Паровозы поднимали долго и трудно. Бывало, подцепят один, подтянут на по­верхность так, что одна труба над водой торчит. А тут шторм, и ползет спасатель­ный катамаран в порт, волны раскачива­ют паровоз, бьют им о борт судна. Такая вот романтика! Зато потом, когда паро­воз-утопленник очистят от ракушек и ржавчины, поставят на него новые меха­низмы, — страна получает новые тысячи лошадиных сил. "Был бы котел цел, а ос­тальное приложится!" — поговаривали эпроновцы.

И вот однажды был получен приказ: "Срочно поднять несколько паровозов для отправки на Север!" Заказчик работ - уп­равление ЖД МВД СССР. Эпроновское начальство поговаривало, что дело это на контроле у Берии. Когда приказывал все­сильный Лаврентий Палыч, работа шла и быстрей и веселей. Эпроновцы работали сутками, но заказ выполнили в срок. И по­бежали ожившие "утопленники" в Киев, там к ним прицепили вагоны с зэками, теп­лушки с конвоем, и в путь, на 501-ю ста­линскую стройку.
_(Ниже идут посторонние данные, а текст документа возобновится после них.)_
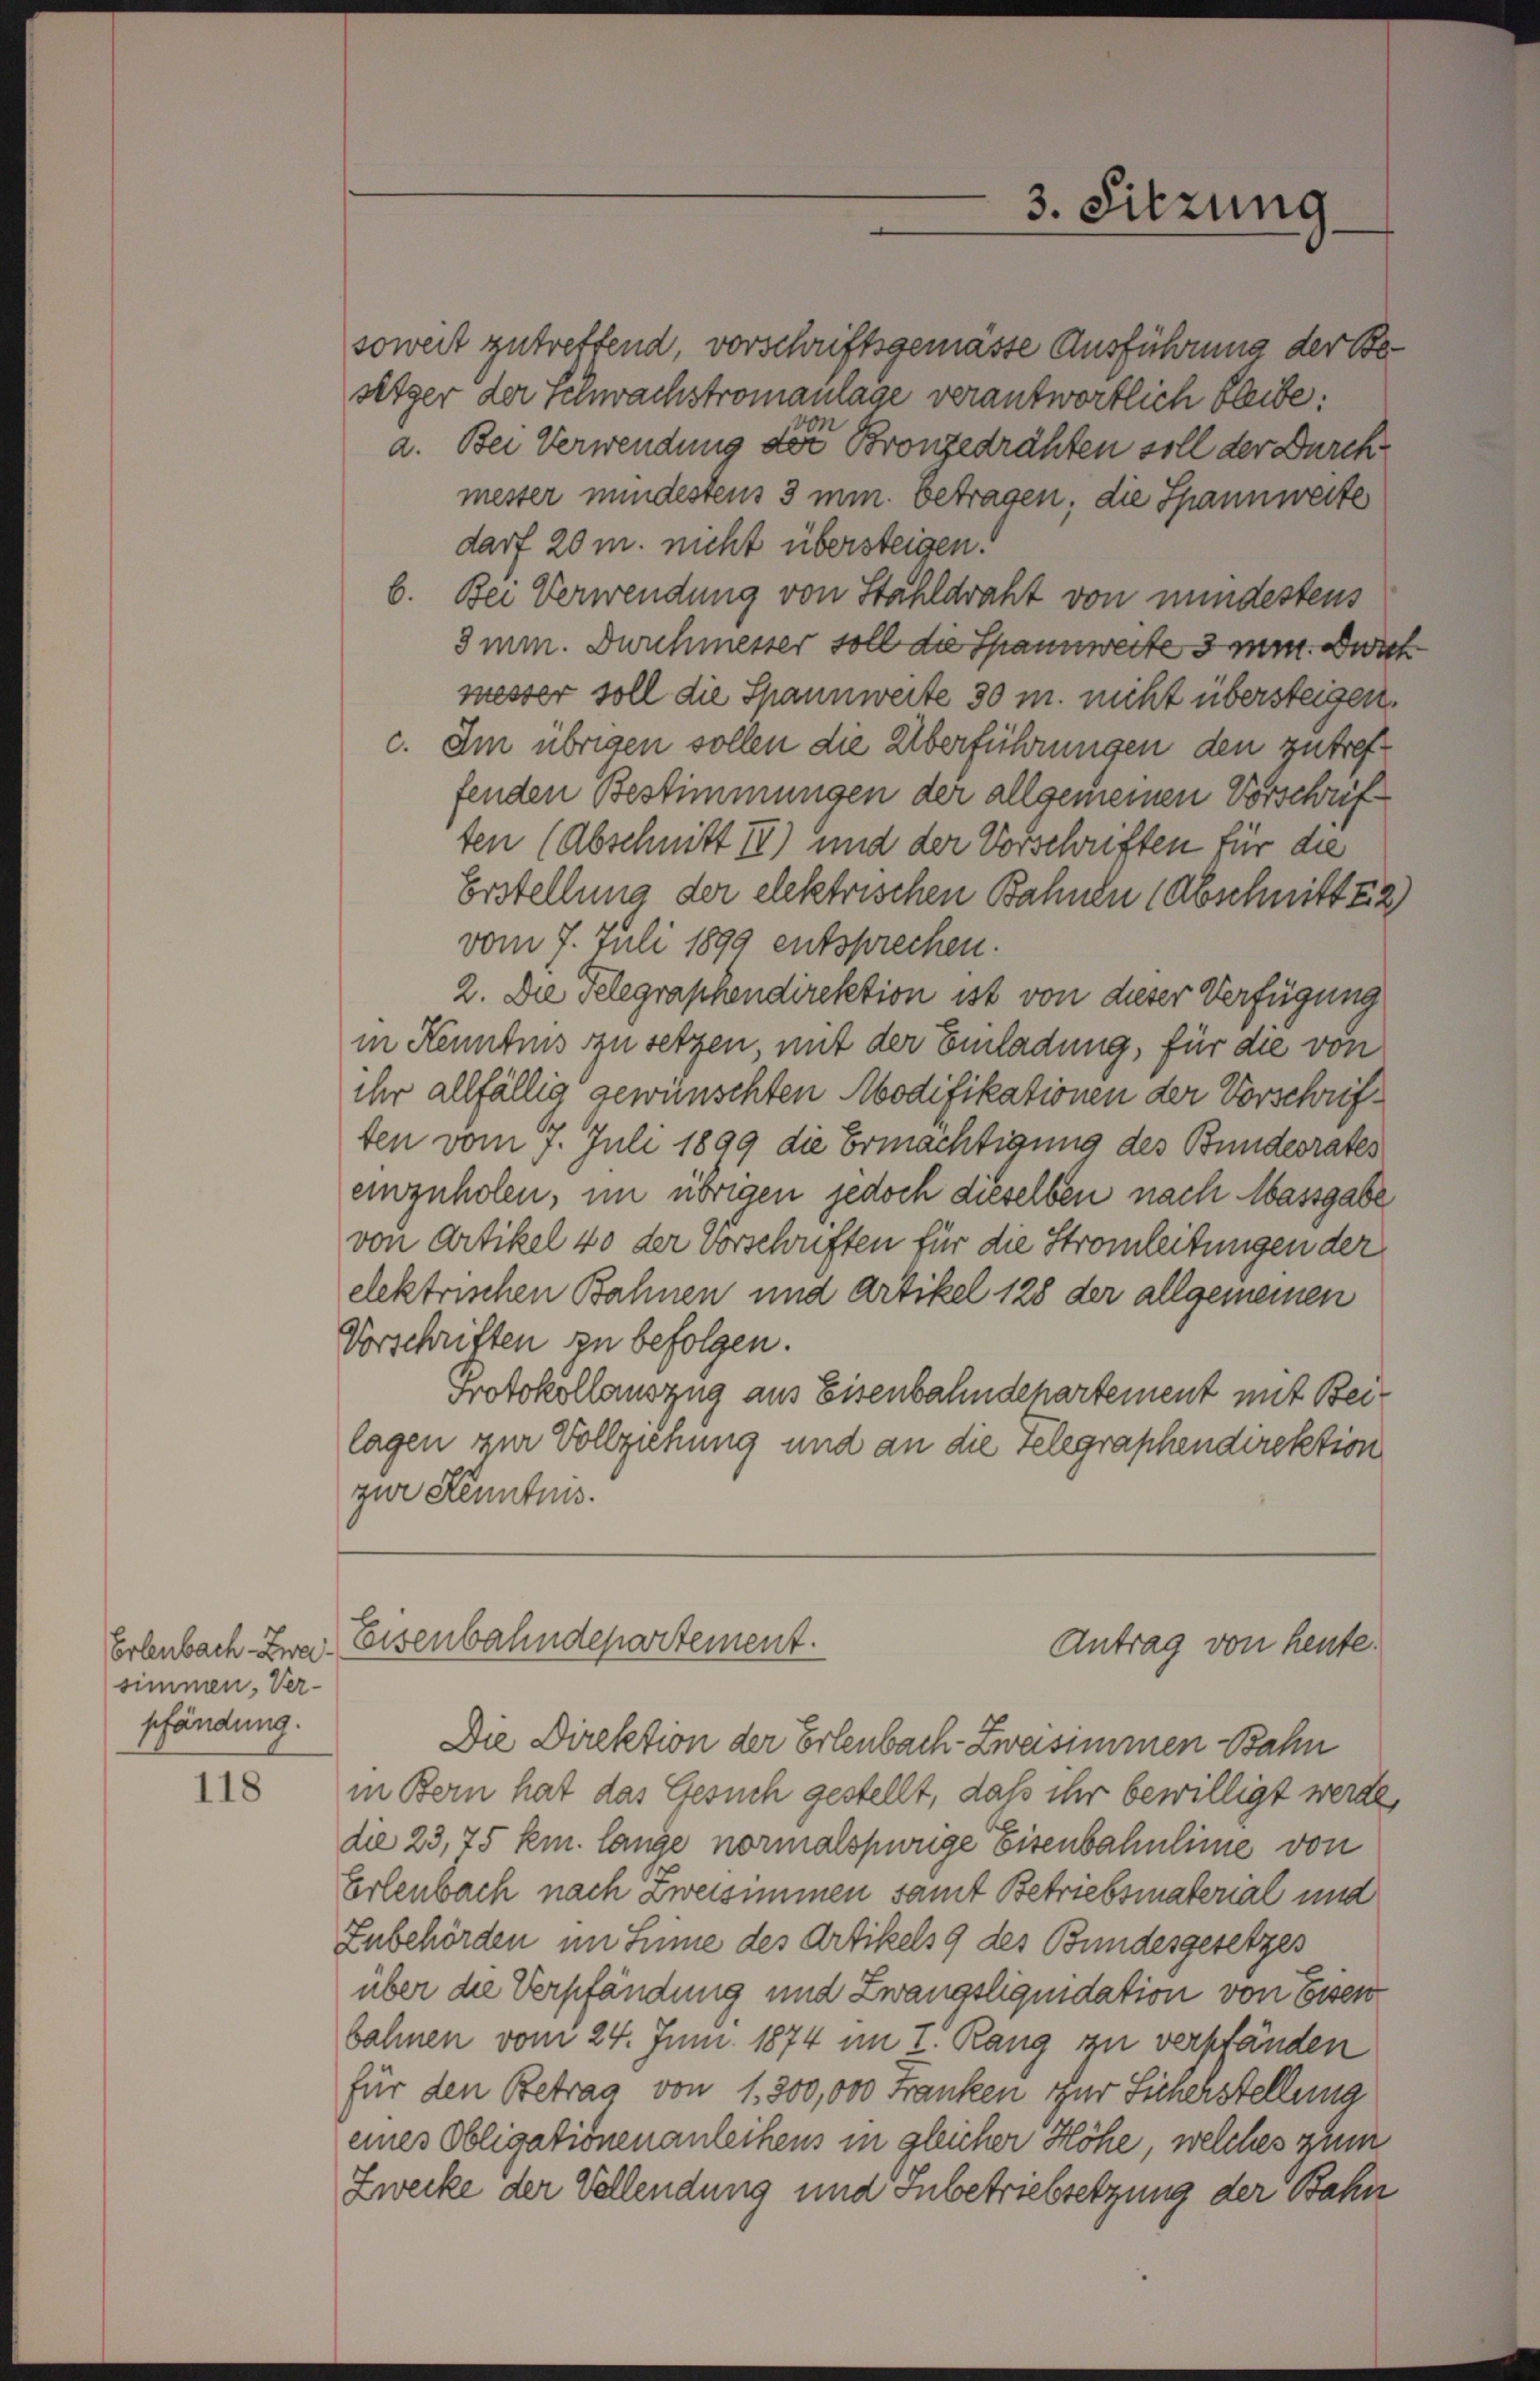
Erlenbach Zweisimmen, Ver-
pfändung.

118

soweit zutrettend, vorschriftsgemässe Ausführung der Besitzer der Schwachstromanlage verantwortlich bleibe
a. Bei Verwendung der Bronzedrähten soll der Durch
mester mindestens 3 min. betragen, die Spannweite
darf 20 m. nicht übersteigen.
b. Bei Verwendung von Stahldraht von mindestens
3 min. Durchmesser soll die Spannweite 3 min. Durch
messer soll die Spannweite 30 m. nicht übersteigen.
c. Im übrigen sollen die Überführungen den zutreffenden Bestimmungen der allgemeinen Vorschrif
ten (Abschnitt III) und der Vorschriften für die
Erstellung der elektrischen Bahnen (Abschnitt 52)
vom 7. Juli 1899 entsprechen.
2. Die Telegraphendirektion ist von dieser Verfügung
in Kenntnis zu setzen, mit der Einladung, für die von
ihr allfällig gewünschten Modifikationen der Vorschriften vom 7. Juli 1899 die Ermächtigung des Bundesrates
einzuholen, im übrigen jedoch dieselben nach Massgabe
von Artikel 40 der Vorschriften für die Stromleitungen der
elektrischen Bahnen und Artikel 128 der allgemeinen
Vorschriften zu befolgen.
Protokollauszug aus Eisenbahndepartement mit Beilagen zur Vollziehung und an die Telegraphendirektion
zur Kenntnis.

3. Sitzung

Eisenbahndepartement.
Antrag von heute.

Die Direktion der Erlenbach- Zweisimmen Bahn
in Bern hat das Gesuch gestellt, daß ihr bewilligt werde,
die 23,75 km. lange normalspurige Eisenbahnlinie von
Erlenbach nach Zweisimmen samt Betriebsmaterial und
Zubehörden im Sinne des Artikels 9 des Bundesgesetzes
über die Verpfändung und Zwangsliquidation von Essen
bahnen vom 24. Juni 1874 im I. Rang zu verpfänden
für den Betrag von 1.300,000 Franken für Sicherstellung
eines Obligationen anleihens in gleicher Höhe, welches zum
Zwecke der Vollendung und Inbetriebsetzung der Bahn
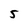
Character: 5
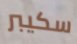
سكيبر
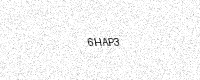
Text: 6HAP3
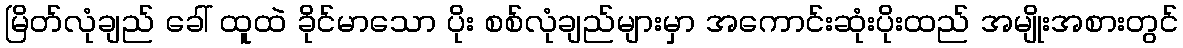
မြိတ်လုံချည် ခေါ် ထူထဲ ခိုင်မာသော ပိုး စစ်လုံချည်များမှာ အကောင်းဆုံးပိုးထည် အမျိုးအစားတွင်
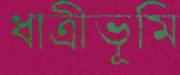
ধাত্রীভূমি
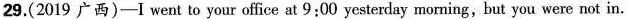
29.(2019广西)—I went to your office at 9:00 yesterday morning,but you were not in.
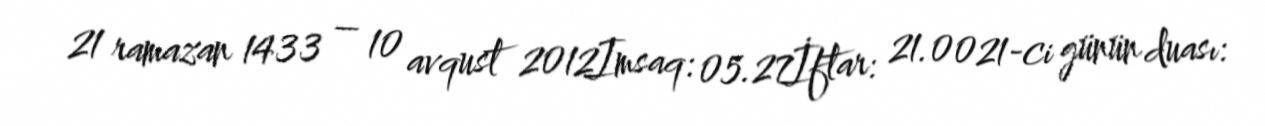
21 ramazan 1433 – 10 avqust 2012Imsaq: 05.27İftar: 21.0021-ci günün duası:
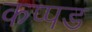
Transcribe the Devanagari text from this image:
कप्पड
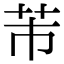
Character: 芾
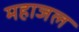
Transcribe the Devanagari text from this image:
महाजल
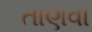
તાણવા
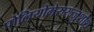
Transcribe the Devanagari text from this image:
पोलियोमेरुरज्जुशोथ
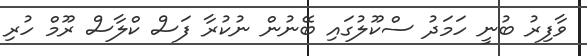
ވާފިރު ބުނީ ހަމަދު ސްކޫލުގައި ބޭނުން ނުކުރާ ފަސް ކްލާސް ރޫމް ހުރި
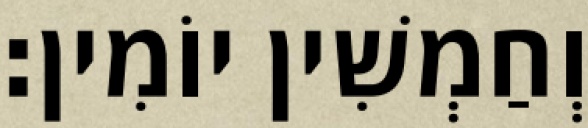
וְחַמְשִׁין יוֹמִין׃

А юный Леонид Потапович, стоя на пу­тях, смотрел сцепке оживших паровозов вслед. Смотрел и не знал, что через пару лет его движение продолжится в паровозной тяге, что судьба приговорит его к жаркой топке и лагерям...

---------- Добавлено в 20:17 ---------- Предыдущее сообщение было написано в 20:11 ----------


А юный Леонид Потапович, стоя на пу­тях, смотрел сцепке оживших паровозов вслед. Смотрел и не знал, что через пару лет его движение продолжится в паровозной тяге, что судьба приговорит его к жаркой топке и лагерям...

О том, как он попал на 501-ю, Ле­онид Иванович не любит расска­зывать. Лишь поясняет: "По малолетке". Да и не важно, за что именно его осудили, ведь, чтобы попасть на "сталиику", дос­таточно было совершить незначительный проступок. Итак, первые дни семнадца­тилетнего парня на 501-й стройке в его собственном описании:

"Я пришел на паровоз "ОВ" — "Овеч­ка". Он встретил меня шипением пара, запахом масла и угольной пылью. Так сбылась мечта детства - я стал кочега­ром... Бригада наша состояла из трех че­ловек — машиниста, помощника и меня, хозяина топки. Жили мы в теплушке, при­цепленной к паровозу. Паровоз и вагон-теплушка были одним целым. Куда па­ровоз, туда и наш дом на колесах.
Работали мы в основном на маневро­вых работах. Развозили питание, одежду для заключенных паровозных бригад, что работали в карьерах.


А еще раз в де­сять дней мы подцепляли вагон-лавку для вольнонаемных - и в путь, на построен­ные участки дороги ".
У тех, кто хотя бы раз добирался поез­дом от Сейды до Лабытнаног, этот рассказ вызовет улыбку. Уж больше полувека ми­нуло, а вагон-лавка, учрежденная лагер­ным начальством, бегает до сих пор. Будто цивилизация обошла эти края стороной. Будто здесь, как и в те далекие времена, все иначе...

Свой "Ов" они утопили в тундре, в болоте, трясине. Всего на скорости 10 км в час. Полотно и шпалы подмыло, рельсы разошлись, и паровоз плавно сполз на бок в болото. Теплушка чу­дом устояла на рельсах, оборвав руч­ную сцепку. Спасти паровоз не было ни малейшей возможности - кругом трясина... Потом пришла команда зэков, проложила ветку вокруг "утоп­ленника" , и побежала дорога рядом с "мертвой Овечкой". Проходившие мимо паровозы гудком приветствова­ли могучую груду железа.
Пришла зима. Лед сковал болото. Бригада взрывников, подобравшись к "Овечке", взорвала ее. Вновь приехала бри­гада зэков и переложила рельсы на пре­жнее место...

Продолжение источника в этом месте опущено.